Pergilah cucunya mengambil segenggam pku dan sebuah palu lalu ia mulai bergaul kembali dengan teman-temannya. Selama sebulan si kakek hanya mengamati dan melihat pohon yang tumbuh di muka rumah. Ada cuup banyak paku-paku yang tertancap disana. Tepat sebulan, si kakek memanggil si cucu dan kembali ngobrol.
”Apakah kamu merasakan perubahan?” si kakek membuka obrolan.
”Ya, ” jawb cucunya
”Bagaimana?” tanya si kakek
”Setiap kali marah, aku menancapkan paku dan menyalurkan kemarahanku pada paku di pohon. Setelah itu aku merenung, mengapa aku marah. Ada kalanya aku yang salah mengerti ucapan seseorang tapi adakalanya aku yang melukai perasaan orang lain. Saat sadar aku sudah melukai orang lain, aku segera minta maaf kek” Ujar si cucu menjelaskan
”Bagaimana jika orang lain yang membuatmu kesal?”
”Aku berusaha memaafkan dan tidak mengingatnya tapi kekesalanku tetap kusalurkan pada paku yang kutancapkan!” jawab cucunya.

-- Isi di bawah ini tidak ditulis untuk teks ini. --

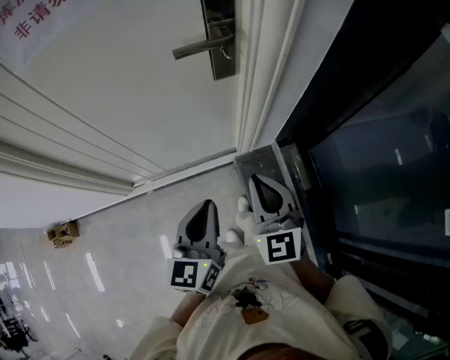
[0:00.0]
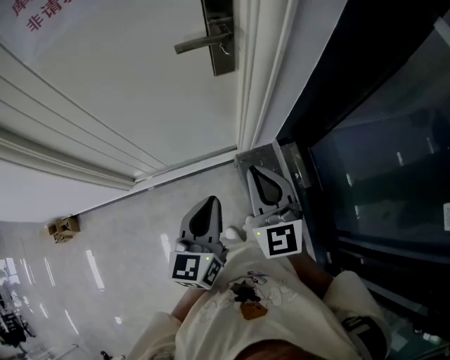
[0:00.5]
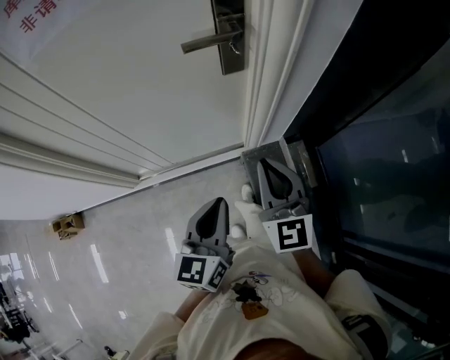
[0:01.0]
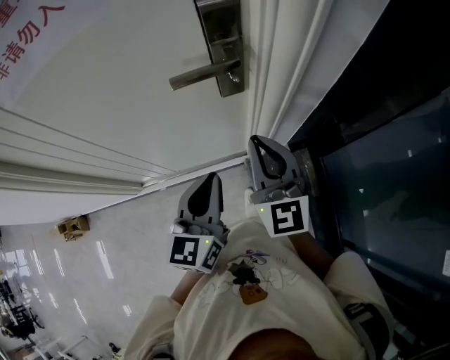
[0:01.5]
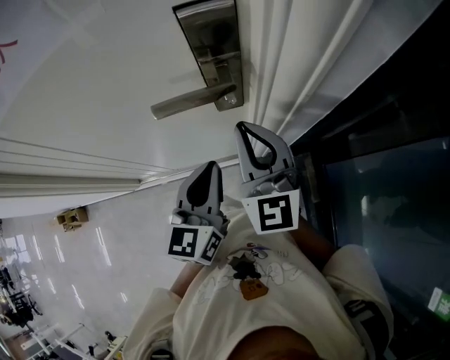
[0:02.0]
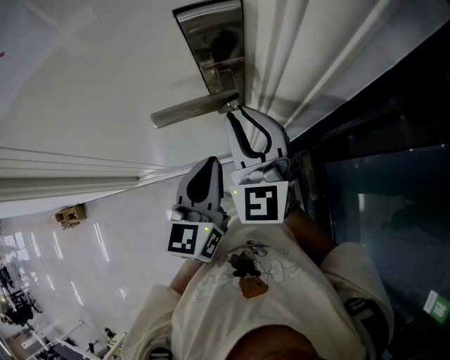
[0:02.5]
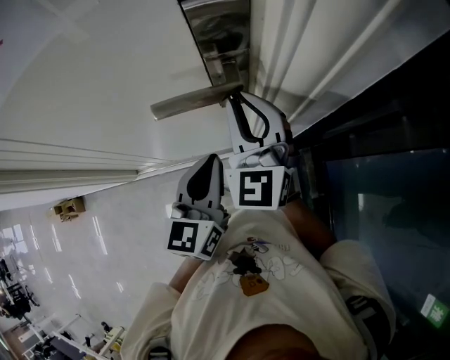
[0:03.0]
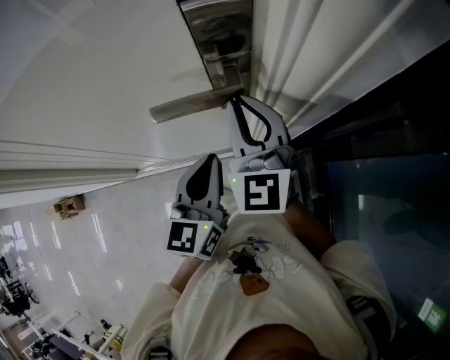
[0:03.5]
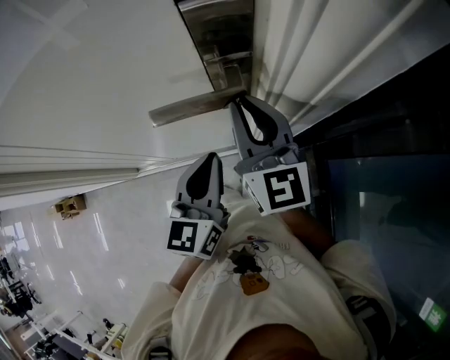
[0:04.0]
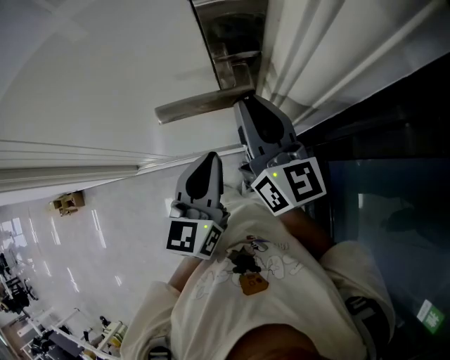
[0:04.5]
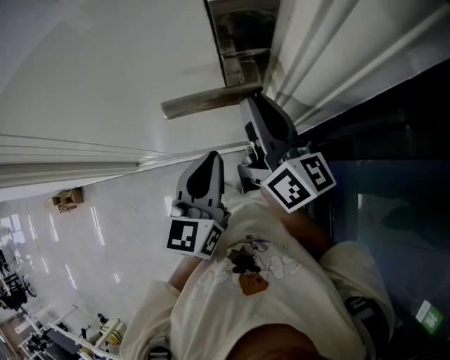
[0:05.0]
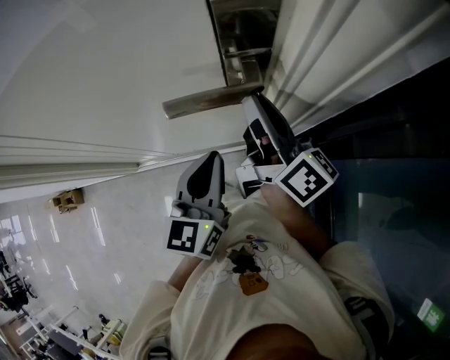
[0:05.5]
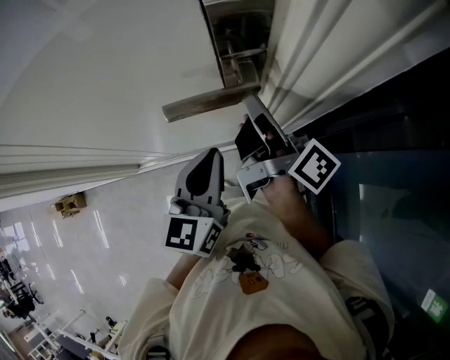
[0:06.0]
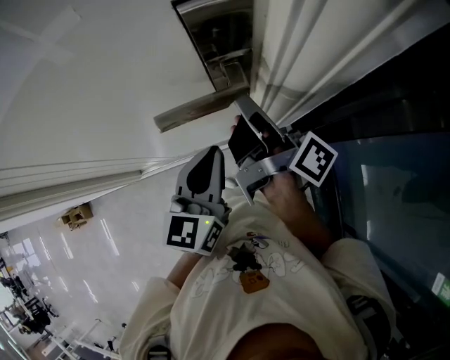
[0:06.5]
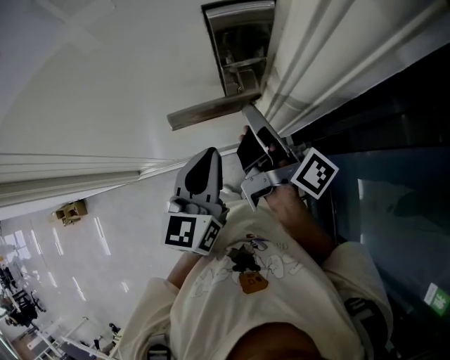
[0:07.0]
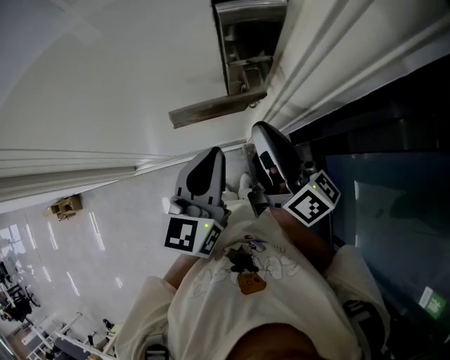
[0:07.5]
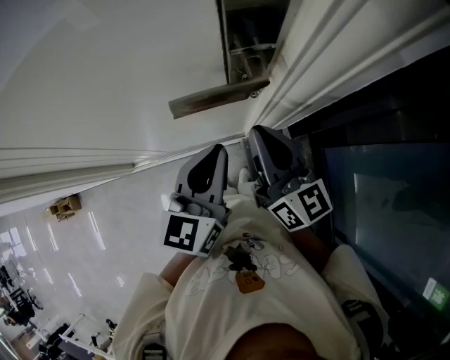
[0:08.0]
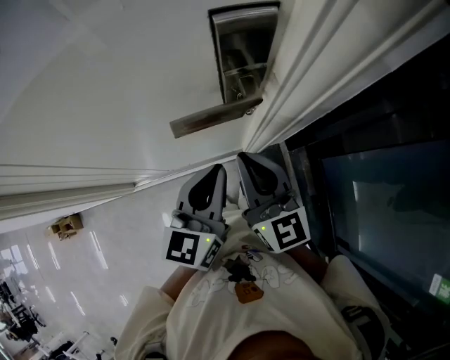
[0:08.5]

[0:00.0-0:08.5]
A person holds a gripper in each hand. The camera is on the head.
0:00.0 to 0:02.0: Both grippers move forward, some 25 cm.
0:02.0 to 0:04.0: The right gripper shifts some 5 cm forward.
0:04.0 to 0:06.5: The right gripper rolls clockwise, seen from behind, by approximately 80 degrees.
0:06.5 to 0:08.5: The right gripper goes approximately 10 cm backward, and rolls counterclockwise, seen from behind, by approximately 80 degrees.

”Sekarang mari kita lihat berapa banyak paku yang sudah kamu tancApkan dalam sebulan!” ajak si kakek sambil berdiri. Lalu keduanya beriirngan menuju pohon di muka rumah. Si kakek. membiarkan cucunya menghitung paku, semunya berjumlah 16 paku. Lalu si kakek menyuruh cucunya untuk mencabut paku-paku itu.
”Apa yang tertinggal?” tanya si kakek
”Bekas-bekas paku, kek!” jawab si cucu
”Sebenarnya hubungan maaf memaafkan manusia seperti paku yang kamu tancapkan pada pohon itu. Sekalipun kamu sudah minta maaf dan memaafkan, luka bekas pertengkaran itu sendiri meninggalkan bekas yang tidak mudah hilang. Seperti jejak paku di pohon itu.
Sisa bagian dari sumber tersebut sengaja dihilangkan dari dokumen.